The Central Philippine University College of Law, also referred to as CPU COL, CPU College of Law or CPU Law, is the law school and one of the academic units of Central Philippine University, a private university in Iloilo City, Philippines. Established in 1939, the CPU College of Law is one of the leading law schools in the country in terms of bar exam performance, alumni it produces and linkages. In 2012, the Juris Doctor (JD) replaced the Bachelor of Laws (LLB), making it as the first law school to offer such program approved by legal education board of the Philippines.

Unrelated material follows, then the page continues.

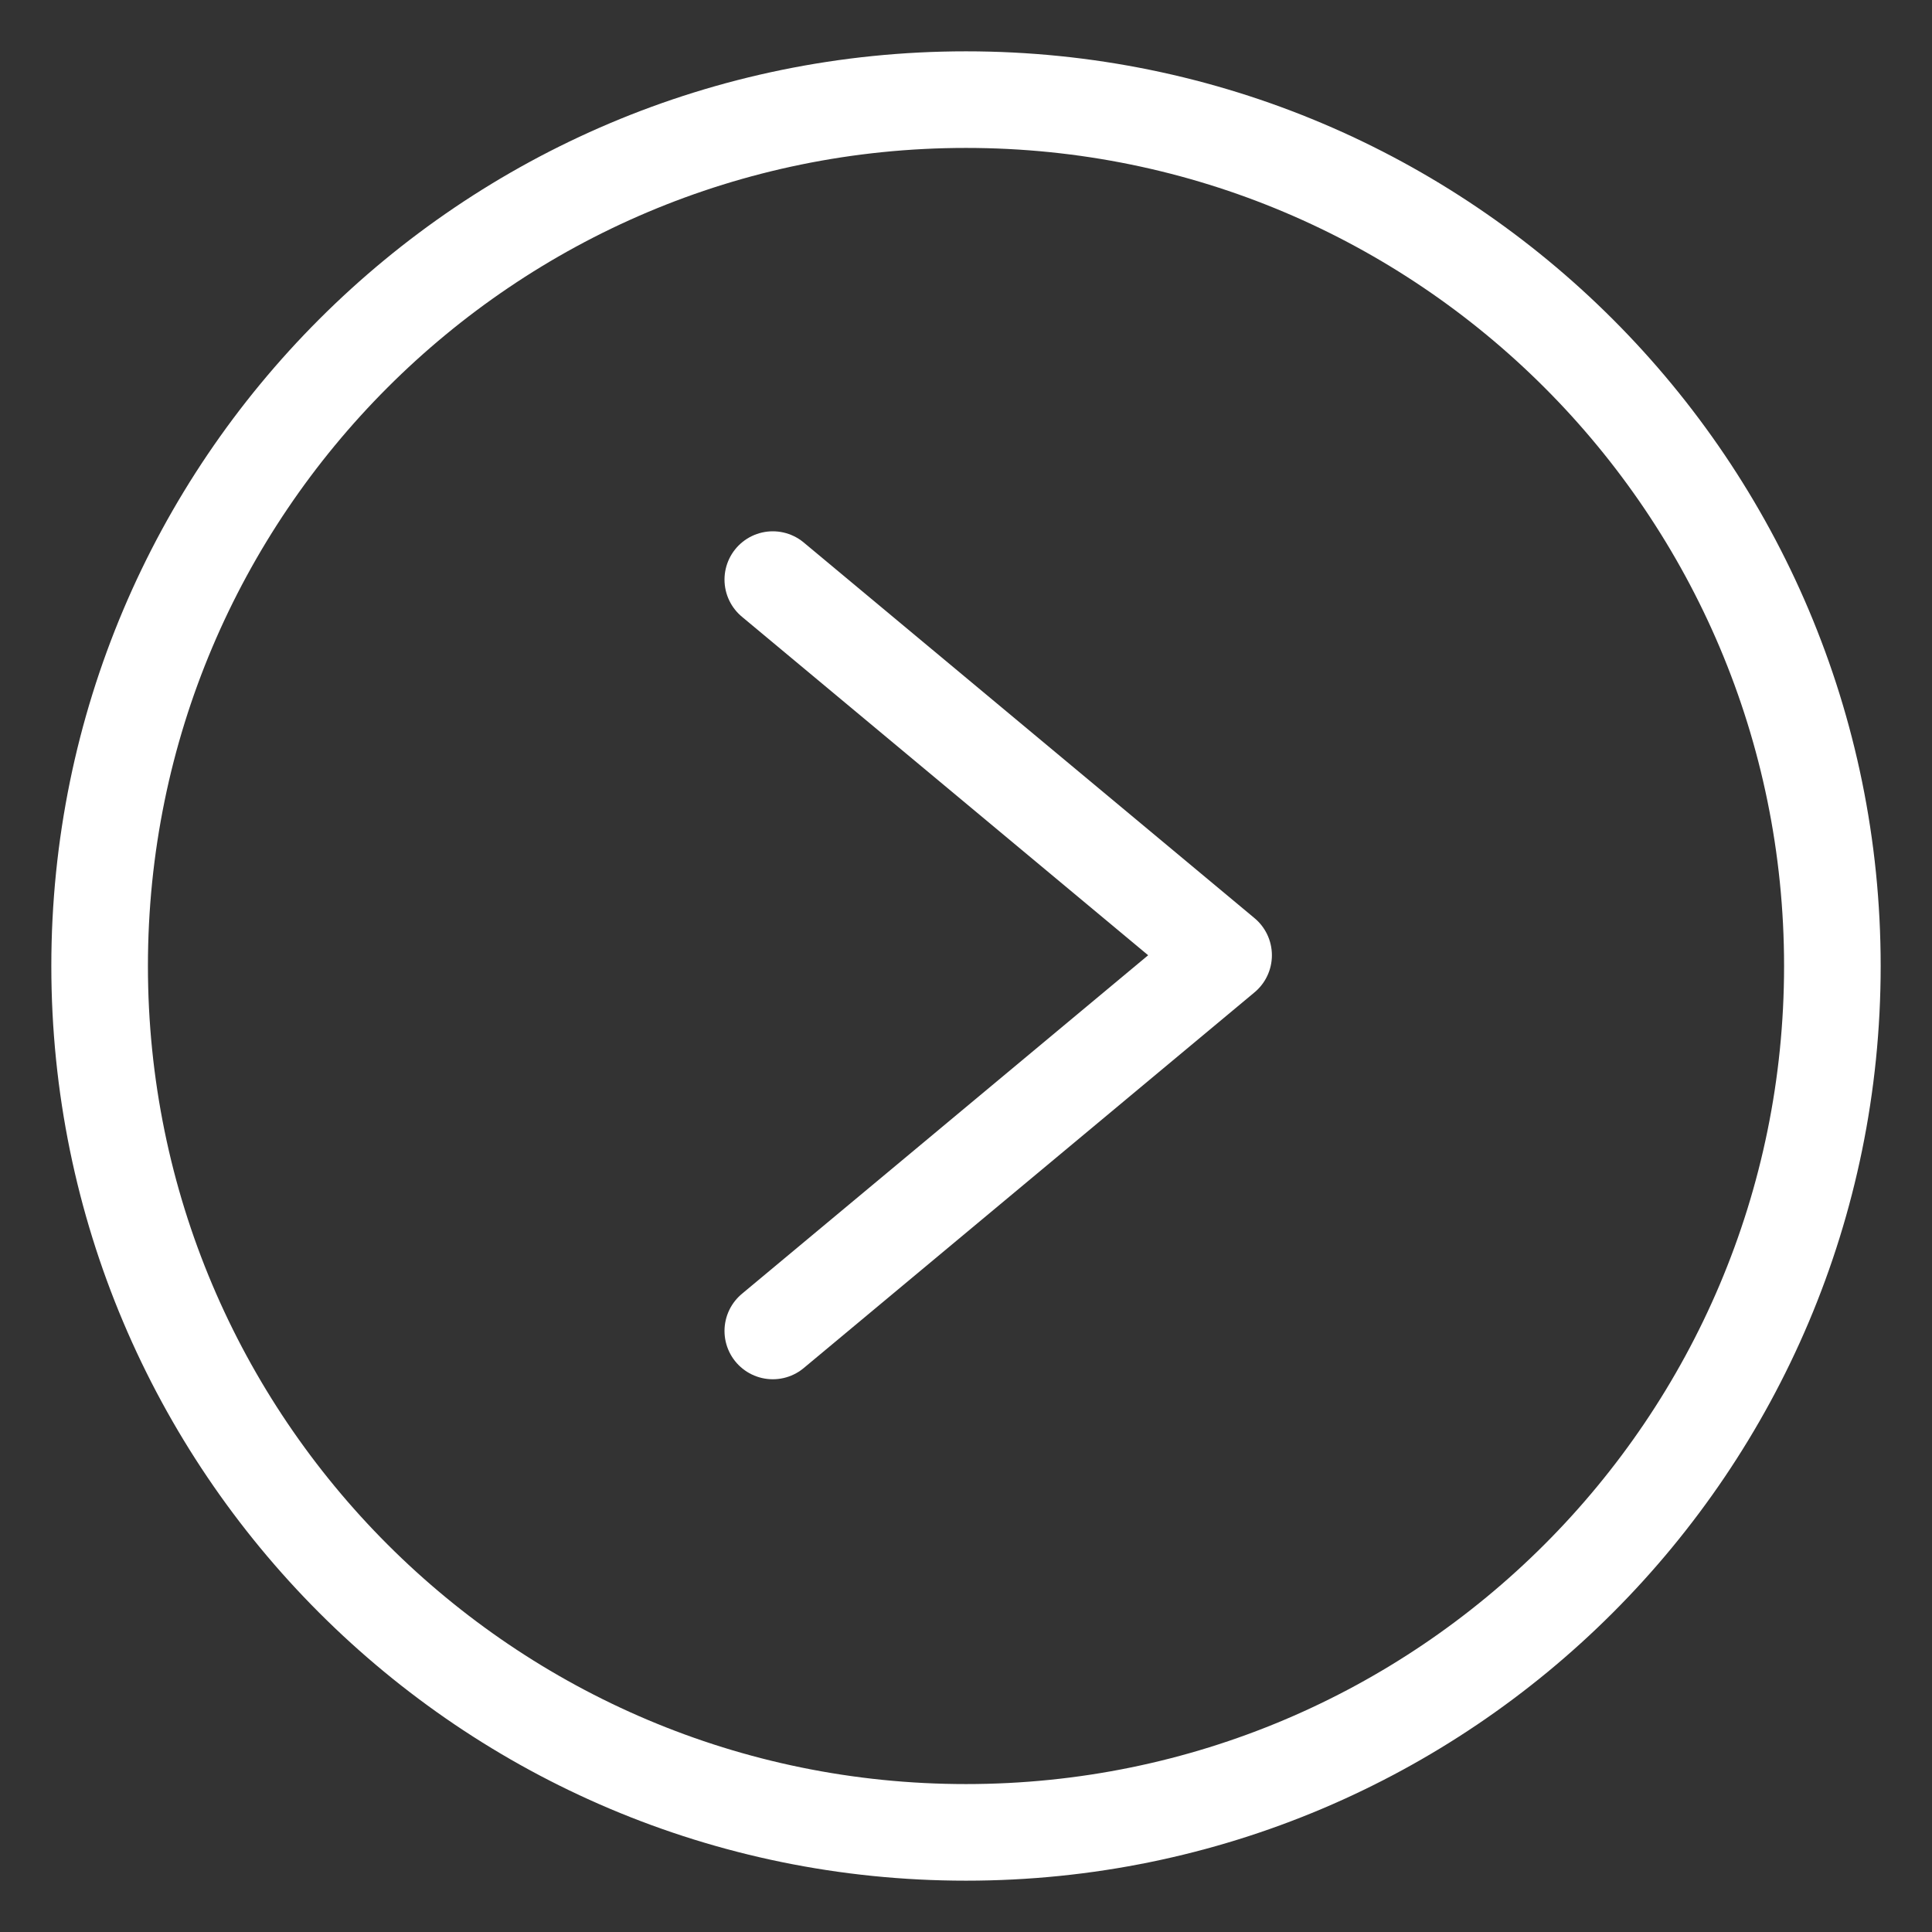 <svg xmlns="http://www.w3.org/2000/svg" width="30" height="30" viewBox="0 0 30 30" fill="none"><rect x="0" y="0" width="30" height="30" fill="#333333" stroke="none"/><g clip-path="url(#clip0_5277_323)"><path d="M15 28.453C22.43 28.453 28.453 22.43 28.453 15C28.453 7.57 22.43 1.547 15 1.547C7.57 1.547 1.547 7.57 1.547 15C1.547 22.43 7.57 28.453 15 28.453Z" stroke="white" stroke-width="1.5" stroke-linecap="round" stroke-linejoin="round"></path><path d="M12 20.667L19 14.833L12 9" stroke="white" stroke-width="1.5" stroke-linecap="round" stroke-linejoin="round"></path></g><defs><clipPath id="clip0_5277_323"><rect width="30" height="30" fill="white"></rect></clipPath></defs></svg>

The college entered a consortium with San Beda University - College of Law for the offering of Master of Laws (LLM) Program, the first in Western Visayas region. Graduates of the said program upon full graduation rites, don San Beda's red satin commencement exercises vestments and receives San Beda University diplomas, giving them automatic entitlement as alumni of both CPU and San Beda.

Facilities
The CPU College of Law which is formerly housed at the Eugenio Lopez Hall with its office at the New Valentine Hall, temporarily sits in Henry Luce III Library.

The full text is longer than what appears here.